Using formative assessment

As teachers, we tend to design assessments to evaluate students’ learning at the end of a topic, unit or course. This terminal form of testing or examination allows us to provide a grade or overall mark in order to ascertain how well students’ have performed for the entire course. While this serves a summative purpose, by providing a ‘snap-shot’ of what students are able to accomplish at that point in time, it does not give a fuller picture of students’ learning and most importantly, there is little opportunity for on-going formative feedback to guide and support learning, during the learning process.

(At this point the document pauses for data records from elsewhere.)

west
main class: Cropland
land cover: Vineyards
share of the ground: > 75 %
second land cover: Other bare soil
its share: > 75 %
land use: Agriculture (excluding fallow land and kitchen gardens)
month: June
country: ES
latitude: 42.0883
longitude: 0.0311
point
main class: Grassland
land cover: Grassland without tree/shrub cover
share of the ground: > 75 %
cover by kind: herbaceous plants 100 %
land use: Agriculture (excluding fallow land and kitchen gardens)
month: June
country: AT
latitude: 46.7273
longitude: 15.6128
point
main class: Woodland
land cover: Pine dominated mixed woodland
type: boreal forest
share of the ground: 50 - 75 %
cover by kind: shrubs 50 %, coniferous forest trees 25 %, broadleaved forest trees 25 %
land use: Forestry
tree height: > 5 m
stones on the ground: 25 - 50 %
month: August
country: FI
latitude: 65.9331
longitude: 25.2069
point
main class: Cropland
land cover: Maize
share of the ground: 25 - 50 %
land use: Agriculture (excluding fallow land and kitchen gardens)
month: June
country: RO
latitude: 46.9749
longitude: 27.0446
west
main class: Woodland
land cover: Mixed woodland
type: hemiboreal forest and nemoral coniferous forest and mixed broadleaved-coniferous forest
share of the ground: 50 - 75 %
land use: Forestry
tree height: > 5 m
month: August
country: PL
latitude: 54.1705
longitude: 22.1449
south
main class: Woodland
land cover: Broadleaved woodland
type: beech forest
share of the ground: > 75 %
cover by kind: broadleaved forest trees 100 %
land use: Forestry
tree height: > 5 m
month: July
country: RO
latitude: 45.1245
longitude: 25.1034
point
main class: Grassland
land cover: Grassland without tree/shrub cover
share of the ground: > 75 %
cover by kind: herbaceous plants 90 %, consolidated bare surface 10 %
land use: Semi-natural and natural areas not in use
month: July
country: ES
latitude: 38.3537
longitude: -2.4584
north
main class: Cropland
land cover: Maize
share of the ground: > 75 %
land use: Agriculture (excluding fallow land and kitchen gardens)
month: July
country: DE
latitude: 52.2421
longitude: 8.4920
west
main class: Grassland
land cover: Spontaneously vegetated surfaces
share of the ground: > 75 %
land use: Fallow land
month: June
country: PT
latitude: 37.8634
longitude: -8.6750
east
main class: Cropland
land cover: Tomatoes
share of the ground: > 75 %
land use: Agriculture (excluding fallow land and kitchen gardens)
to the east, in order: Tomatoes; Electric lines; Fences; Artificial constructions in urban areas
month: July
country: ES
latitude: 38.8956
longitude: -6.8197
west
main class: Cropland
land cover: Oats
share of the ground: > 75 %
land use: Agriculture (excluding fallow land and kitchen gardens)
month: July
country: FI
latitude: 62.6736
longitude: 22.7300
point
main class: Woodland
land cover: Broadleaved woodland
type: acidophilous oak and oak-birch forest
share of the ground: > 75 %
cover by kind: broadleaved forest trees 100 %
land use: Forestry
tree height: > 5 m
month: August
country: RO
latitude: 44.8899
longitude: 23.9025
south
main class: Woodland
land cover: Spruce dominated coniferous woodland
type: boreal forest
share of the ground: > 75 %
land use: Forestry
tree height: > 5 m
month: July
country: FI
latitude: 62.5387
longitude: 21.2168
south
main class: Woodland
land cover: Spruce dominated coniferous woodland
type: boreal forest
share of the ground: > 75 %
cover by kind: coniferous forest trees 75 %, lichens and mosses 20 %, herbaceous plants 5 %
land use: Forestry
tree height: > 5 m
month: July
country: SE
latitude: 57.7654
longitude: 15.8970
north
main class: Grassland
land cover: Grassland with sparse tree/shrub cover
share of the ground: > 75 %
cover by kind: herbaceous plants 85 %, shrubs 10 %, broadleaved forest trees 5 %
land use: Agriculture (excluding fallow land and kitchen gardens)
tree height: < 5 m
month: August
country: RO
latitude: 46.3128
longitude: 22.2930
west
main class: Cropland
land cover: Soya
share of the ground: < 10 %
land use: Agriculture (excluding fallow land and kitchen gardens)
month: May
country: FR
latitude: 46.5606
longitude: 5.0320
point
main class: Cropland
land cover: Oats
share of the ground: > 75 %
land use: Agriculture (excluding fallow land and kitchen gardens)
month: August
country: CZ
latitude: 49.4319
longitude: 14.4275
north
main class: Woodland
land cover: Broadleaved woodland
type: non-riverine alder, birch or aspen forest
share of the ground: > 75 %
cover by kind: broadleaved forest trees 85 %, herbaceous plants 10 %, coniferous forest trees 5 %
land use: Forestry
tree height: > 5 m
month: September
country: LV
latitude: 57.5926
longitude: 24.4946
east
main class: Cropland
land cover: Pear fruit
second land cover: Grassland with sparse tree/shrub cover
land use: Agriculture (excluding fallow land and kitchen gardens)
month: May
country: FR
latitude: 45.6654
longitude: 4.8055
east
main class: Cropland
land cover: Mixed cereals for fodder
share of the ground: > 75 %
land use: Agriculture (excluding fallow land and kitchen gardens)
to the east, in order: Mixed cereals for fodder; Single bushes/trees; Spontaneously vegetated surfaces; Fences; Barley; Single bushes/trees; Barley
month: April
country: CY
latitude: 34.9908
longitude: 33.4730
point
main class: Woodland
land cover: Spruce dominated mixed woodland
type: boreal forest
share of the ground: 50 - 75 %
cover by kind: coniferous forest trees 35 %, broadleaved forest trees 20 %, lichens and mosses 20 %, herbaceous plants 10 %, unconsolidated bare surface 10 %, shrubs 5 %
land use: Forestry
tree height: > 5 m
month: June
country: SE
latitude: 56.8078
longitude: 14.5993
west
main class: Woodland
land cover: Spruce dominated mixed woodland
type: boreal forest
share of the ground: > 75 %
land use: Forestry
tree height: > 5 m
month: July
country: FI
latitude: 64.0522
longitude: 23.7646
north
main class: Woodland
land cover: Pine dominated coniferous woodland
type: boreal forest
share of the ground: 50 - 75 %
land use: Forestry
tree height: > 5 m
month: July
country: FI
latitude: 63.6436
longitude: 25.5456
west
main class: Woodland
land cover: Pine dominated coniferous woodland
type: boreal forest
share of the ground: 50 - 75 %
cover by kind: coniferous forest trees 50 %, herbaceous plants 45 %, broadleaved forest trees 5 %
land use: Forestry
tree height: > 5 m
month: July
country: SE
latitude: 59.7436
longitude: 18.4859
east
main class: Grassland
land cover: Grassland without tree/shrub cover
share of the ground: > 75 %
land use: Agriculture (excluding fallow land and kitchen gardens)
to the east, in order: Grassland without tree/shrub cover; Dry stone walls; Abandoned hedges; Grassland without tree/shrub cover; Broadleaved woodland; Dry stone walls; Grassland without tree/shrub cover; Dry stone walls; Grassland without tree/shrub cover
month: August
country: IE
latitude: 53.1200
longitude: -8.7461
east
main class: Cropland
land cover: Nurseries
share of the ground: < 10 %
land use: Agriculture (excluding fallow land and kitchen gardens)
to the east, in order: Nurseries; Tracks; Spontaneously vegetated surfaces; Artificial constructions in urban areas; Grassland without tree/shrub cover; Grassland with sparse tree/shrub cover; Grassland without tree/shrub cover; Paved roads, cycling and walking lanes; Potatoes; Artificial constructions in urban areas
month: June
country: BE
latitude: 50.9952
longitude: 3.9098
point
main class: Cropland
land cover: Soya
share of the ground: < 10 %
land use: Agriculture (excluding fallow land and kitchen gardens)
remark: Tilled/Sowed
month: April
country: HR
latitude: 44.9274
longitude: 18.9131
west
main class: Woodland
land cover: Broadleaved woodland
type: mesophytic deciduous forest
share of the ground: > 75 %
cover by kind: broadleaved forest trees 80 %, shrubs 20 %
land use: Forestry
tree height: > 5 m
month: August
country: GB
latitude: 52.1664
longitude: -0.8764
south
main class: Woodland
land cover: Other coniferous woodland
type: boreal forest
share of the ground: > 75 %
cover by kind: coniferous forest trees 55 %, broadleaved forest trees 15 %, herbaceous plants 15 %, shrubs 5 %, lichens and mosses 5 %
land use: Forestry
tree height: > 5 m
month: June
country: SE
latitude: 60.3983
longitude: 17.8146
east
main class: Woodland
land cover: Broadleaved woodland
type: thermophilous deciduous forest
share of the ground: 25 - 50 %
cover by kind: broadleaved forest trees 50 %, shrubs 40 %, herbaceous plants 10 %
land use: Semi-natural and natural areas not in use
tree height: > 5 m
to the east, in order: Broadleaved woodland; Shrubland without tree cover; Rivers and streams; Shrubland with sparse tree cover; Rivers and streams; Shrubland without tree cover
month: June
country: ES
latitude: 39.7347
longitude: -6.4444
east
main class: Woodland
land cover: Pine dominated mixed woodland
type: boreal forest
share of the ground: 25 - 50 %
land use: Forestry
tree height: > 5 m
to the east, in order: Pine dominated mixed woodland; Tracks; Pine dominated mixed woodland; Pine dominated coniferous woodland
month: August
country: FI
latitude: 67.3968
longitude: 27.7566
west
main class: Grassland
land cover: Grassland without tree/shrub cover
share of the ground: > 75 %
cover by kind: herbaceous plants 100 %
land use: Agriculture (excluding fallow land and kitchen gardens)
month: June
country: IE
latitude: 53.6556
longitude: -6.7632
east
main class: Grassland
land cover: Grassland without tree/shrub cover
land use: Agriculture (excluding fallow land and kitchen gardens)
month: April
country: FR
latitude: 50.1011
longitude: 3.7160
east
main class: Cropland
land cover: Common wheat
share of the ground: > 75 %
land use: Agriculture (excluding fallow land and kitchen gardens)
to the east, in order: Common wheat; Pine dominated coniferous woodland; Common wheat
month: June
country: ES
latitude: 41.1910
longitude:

To engage students with feedback means they need to interpret and use it in a timely and purposeful way. As such, assessment needs to be (re)designed in such a way that allows students to access the feedback as they need it and to also have the opportunity to use the feedback in subsequent work.

Here are some formative assessment strategies to help you engage students with feedback (adapted from William & Thompson, 2008). Feedback is meaningful if it helps to:

  • Establish where the learner is – clarify, share and communicate clearly the learning intentions, e.g., provide students with clear intended learning outcomes and align assessment tasks and questions with learning outcomes. This can be done in a number of different ways; besides teacher exposition, peers can help one another to understand learning outcomes through collaborative learning activities. Students, themselves, could also identify learning outcomes as part of self-assessment.
  • Establish where the learner is going – this involves creating learning activities that promotes student interactions through discussions, sharing of ideas, collaborative problem-solving and critical discourse, which helps to elicit evidence of learning. In most cases, peer learning strategies are used to “activate students as learning resources for one another”. A good example is the use of peer review and feedback during writing and presentation tasks. Here, individual students can also self-assess or self-evaluate to find out where they are in their learning, which is important to foster self-regulation of learning.
  • Establish how to get there – this is a crucial step in any formative assessment process, which implies that feedback information should help students to close their learning gaps and to move learning forward. Again, we can leverage on peers or students themselves to co-construct or construct ways to address their learning needs.